LOL I definitely dont want to cause problems with the misses!

Anyway, glad you sorted it out, I love Canadian Salmon, albeit more lean, and some times has codoa, but hey, you get what you pay for :P


----------



## tropics (May 31, 2016)

Disco you turned another Salmon into a fantastic looking meal,Thanks for sharing

Richie


----------



## essexsmoker (May 31, 2016)

Disco said:


> SmokinAl said:
> 
> 
> > Another awesome cook Disco!
> ...



Thanks, will give it a try out.  :thumbup:


----------



## disco (May 31, 2016)

tropics said:


> Disco you turned another Salmon into a fantastic looking meal,Thanks for sharing
> 
> Richie


Thanks, Richie!
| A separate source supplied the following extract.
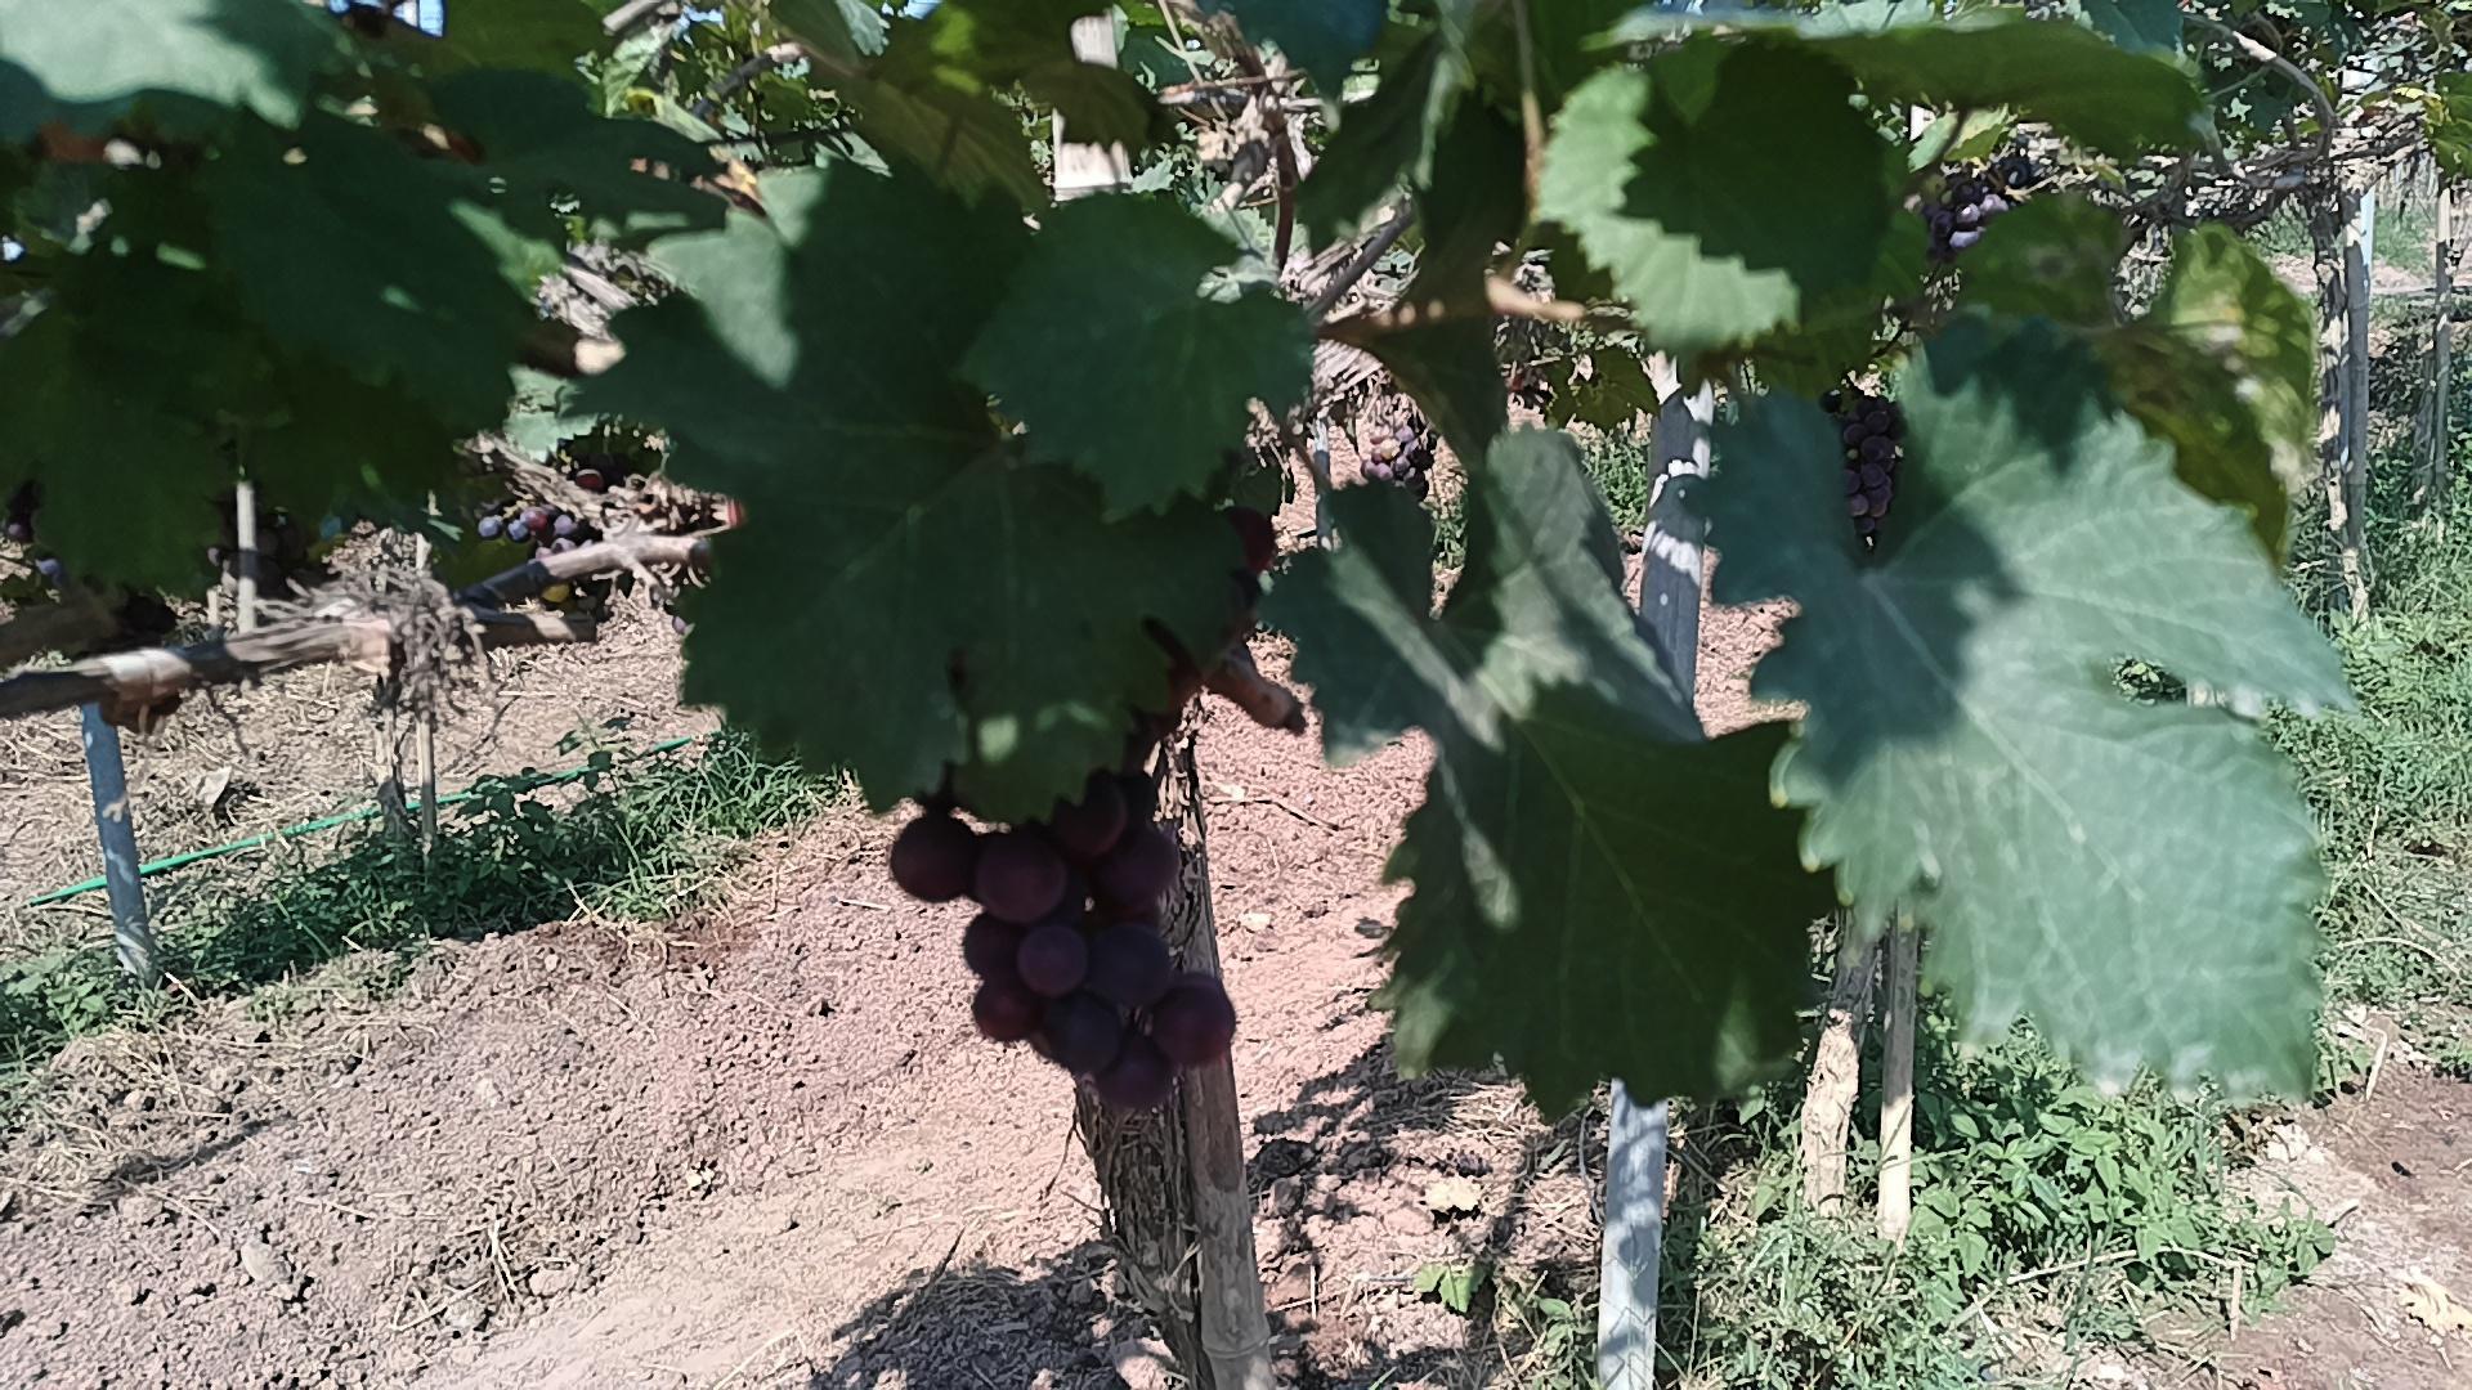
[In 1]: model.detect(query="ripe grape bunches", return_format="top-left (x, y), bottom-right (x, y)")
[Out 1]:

I wish I could afford salmon more often.


----------



## dirtsailor2003 (May 31, 2016)

Looks great Disco!


----------



## disco (May 31, 2016)

dirtsailor2003 said:


> Looks great Disco!


Thanks, Case.


----------



## Bearcarver (Jun 2, 2016)

Dang---That all looks Mighty Tasty, Disco!!!
	

	
	
		
		



		
		
	


	





-----------
	

	
	
		
		



		
		
	


	





That will definitely improve a Salad!!!
	

	
	
		
		



		
		
	


	





And That Salmon & Taters looks Awesome!!!
	

	
	
		
		



		
		
	


	





Did you ever try Qmatz?  That can keep your Fish from sticking & allow the smoke to get to the bottom of the fish at the same time. They work Great !!

Bear


----------



## disco (Jun 2, 2016)

dirtsailor2003 said:


> Looks great Disco!


Thanks, Case.


Bearcarver said:


> Dang---That all looks Mighty Tasty, Disco!!!
> 
> 
> 
> ...


Thanks, Bear! I will have to consider Qmatz but She Who Must Be Obeyed is squeaking a bit at the number of Q toys I have.


----------